Conozca el vínculo entre la lubricación y las estrategias y mantenimiento

Abr. 15, 2024

Autor: Noria Latín América

Última actualización: 04/15/24

El mantenimiento se considera frecuentemente como un mal necesario y tiende a retrasarse o cancelarse para satisfacer las demandas de producción. Sacar el equipo de servicio para realizar reparaciones o mejorar la funcionalidad puede ser difícil de vender, especialmente si la única actividad de mantenimiento es la lubricación. A medida que la industria ha evolucionado, también lo han hecho las prácticas y filosofías sobre cómo y cuándo realizar el mantenimiento y la lubricación. Ahora hay más opciones y herramientas disponibles para guiar las acciones del personal en casi todas las tareas de lubricación. Sin embargo, para comprender realmente cómo esta evolución ha cambiado el panorama, es necesario saber dónde comenzó el mantenimiento y dónde se encuentra hoy.
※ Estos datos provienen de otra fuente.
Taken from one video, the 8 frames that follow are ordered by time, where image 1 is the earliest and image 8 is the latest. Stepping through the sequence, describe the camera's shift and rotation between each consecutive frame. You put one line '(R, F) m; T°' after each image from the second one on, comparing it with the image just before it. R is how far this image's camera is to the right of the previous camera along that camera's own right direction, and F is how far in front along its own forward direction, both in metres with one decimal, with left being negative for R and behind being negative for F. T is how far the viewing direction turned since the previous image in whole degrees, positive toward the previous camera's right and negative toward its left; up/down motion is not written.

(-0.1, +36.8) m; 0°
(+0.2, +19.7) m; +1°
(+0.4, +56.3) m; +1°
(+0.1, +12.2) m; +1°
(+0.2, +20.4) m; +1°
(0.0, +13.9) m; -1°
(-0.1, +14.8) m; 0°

Filosofías de mantenimiento

La mayoría de la gente está familiarizada con el término “mantenimiento reactivo”. Este enfoque implica reparar máquinas sólo después de una avería o fallo. Con demasiada frecuencia, las filosofías reactivas son adoptadas por organizaciones que tienen escasez de personal o están estancadas en la mentalidad de “así es como siempre lo hemos hecho”. Esto conduce a presupuestos de mantenimiento exagerados, un rendimiento operativo deficiente y un personal que está constantemente apagando incendios. Como alguien que trabajó de forma reactiva durante años, puedo dar fe del estrés que esto supone para su equipo. Por ejemplo, era difícil saber cuándo o a qué hora iba a volver a casa cada día. Incluso los fines de semana o días festivos siempre existía el riesgo de que me llamaran a trabajar. Esta filosofía de mantenimiento no es sostenible y en gran medida ha quedado relegada a equipos pequeños o no críticos.
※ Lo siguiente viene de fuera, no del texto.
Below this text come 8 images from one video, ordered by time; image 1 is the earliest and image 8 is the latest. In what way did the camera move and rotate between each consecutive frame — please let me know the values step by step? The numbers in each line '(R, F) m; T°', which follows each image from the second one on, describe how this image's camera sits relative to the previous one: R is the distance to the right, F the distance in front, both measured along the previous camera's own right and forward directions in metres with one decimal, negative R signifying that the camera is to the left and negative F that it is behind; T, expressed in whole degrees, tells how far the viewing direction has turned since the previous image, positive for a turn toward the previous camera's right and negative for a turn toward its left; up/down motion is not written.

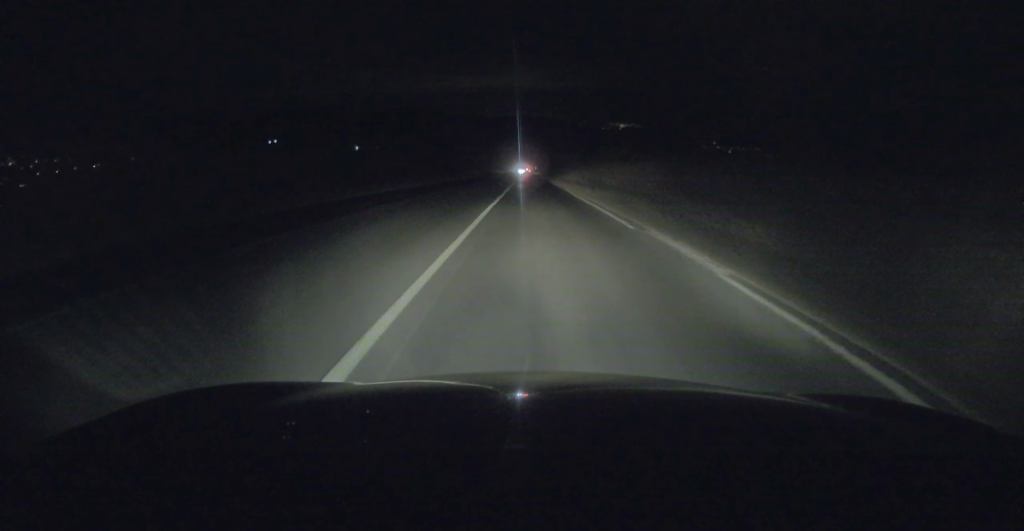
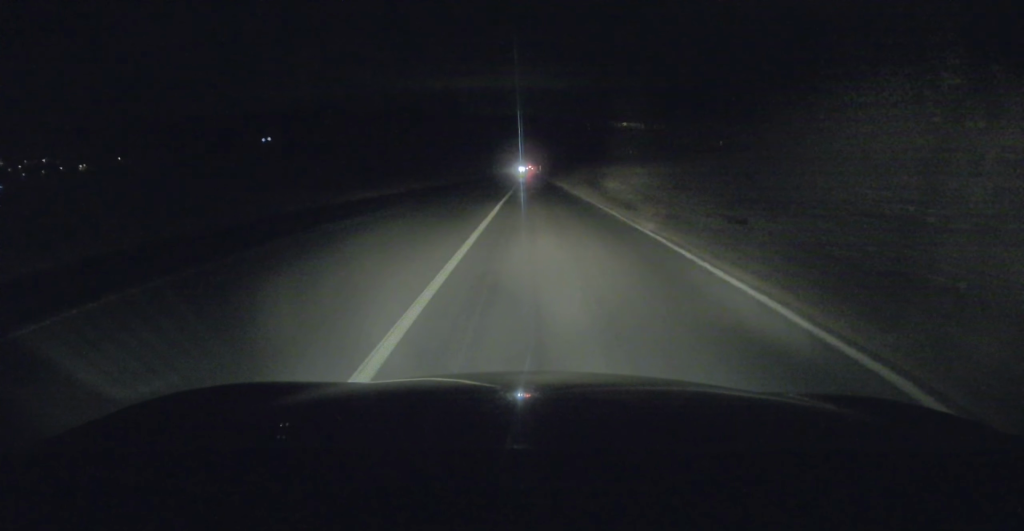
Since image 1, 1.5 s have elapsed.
(+0.1, +39.8) m; 0°
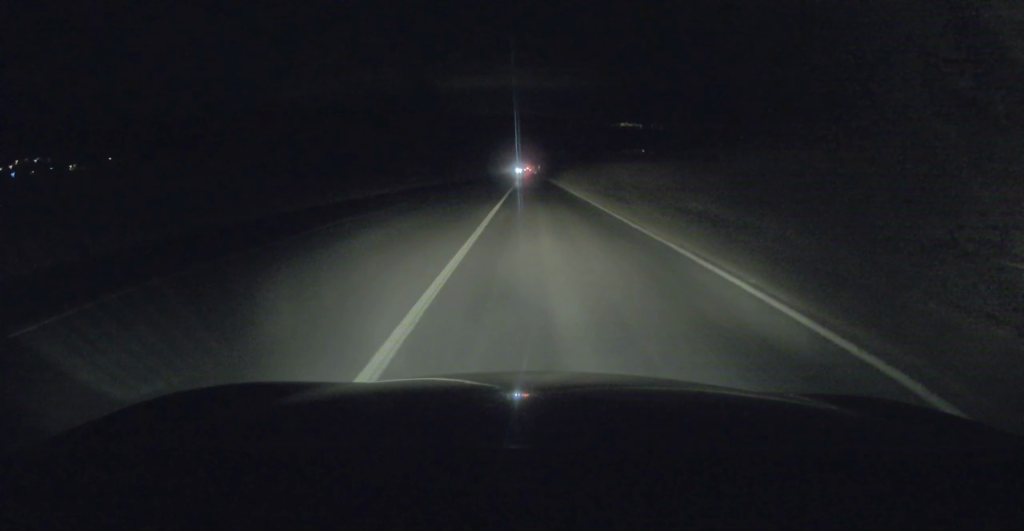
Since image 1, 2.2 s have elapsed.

En un esfuerzo por alejarse del estado reactivo y en los casos donde la seguridad es primordial, se implementó un mantenimiento planificado o programado. Este enfoque, conocido como “mantenimiento preventivo”, implica tener un período o intervalo establecido en el que se programa y luego se realiza el mantenimiento. La industria aérea ofrece un buen ejemplo de esta filosofía. Hacer funcionar el motor de un avión hasta que falle no es una opción debido a las consecuencias para la seguridad. Por tanto, el mantenimiento se programa en función del número de horas o vuelos. La misma práctica se adoptó en la industria. Esto incluía seguir de cerca las recomendaciones o intervalos del fabricante de equipos originales (OEM, por sus siglas en inglés) para evitar fallas. Probablemente utilice un método similar con el mantenimiento de su vehículo. Al introducir un componente de programación en sus actividades de mantenimiento, puede agregar cierta dirección y continuidad a un proceso diario. Aunque el mantenimiento preventivo puede ayudar a reducir el caos de las fallas, aún puede generar altos costos de mantenimiento cuando se reemplazan piezas buenas.

Más recientemente se han puesto a disposición nuevas herramientas y accesorios para ayudar a monitorear los equipos y detectar problemas potenciales antes. Este seguimiento de los síntomas de fallas y averías se conoce como “mantenimiento predictivo”. Las formas más comunes de este enfoque incluyen el uso de análisis de vibraciones, ultrasonido, termografía, análisis de aceite y una serie de otras tecnologías para proporcionar una alerta temprana de un problema inminente. El mantenimiento predictivo funciona bien para máquinas que funcionan continuamente y, a menudo, da como resultado una reducción del tiempo de inactividad no planificado. Sin embargo, normalmente conlleva costos iniciales considerables, no sólo para las herramientas necesarias sino también para capacitar a las personas que se espera que capturen los datos pertinentes. Se requiere diligencia para garantizar que los datos se recopilen desde el mismo lugar y de la misma manera cada vez. Las prácticas inconsistentes distorsionarán los datos y harán mucho más difícil tomar las medidas adecuadas.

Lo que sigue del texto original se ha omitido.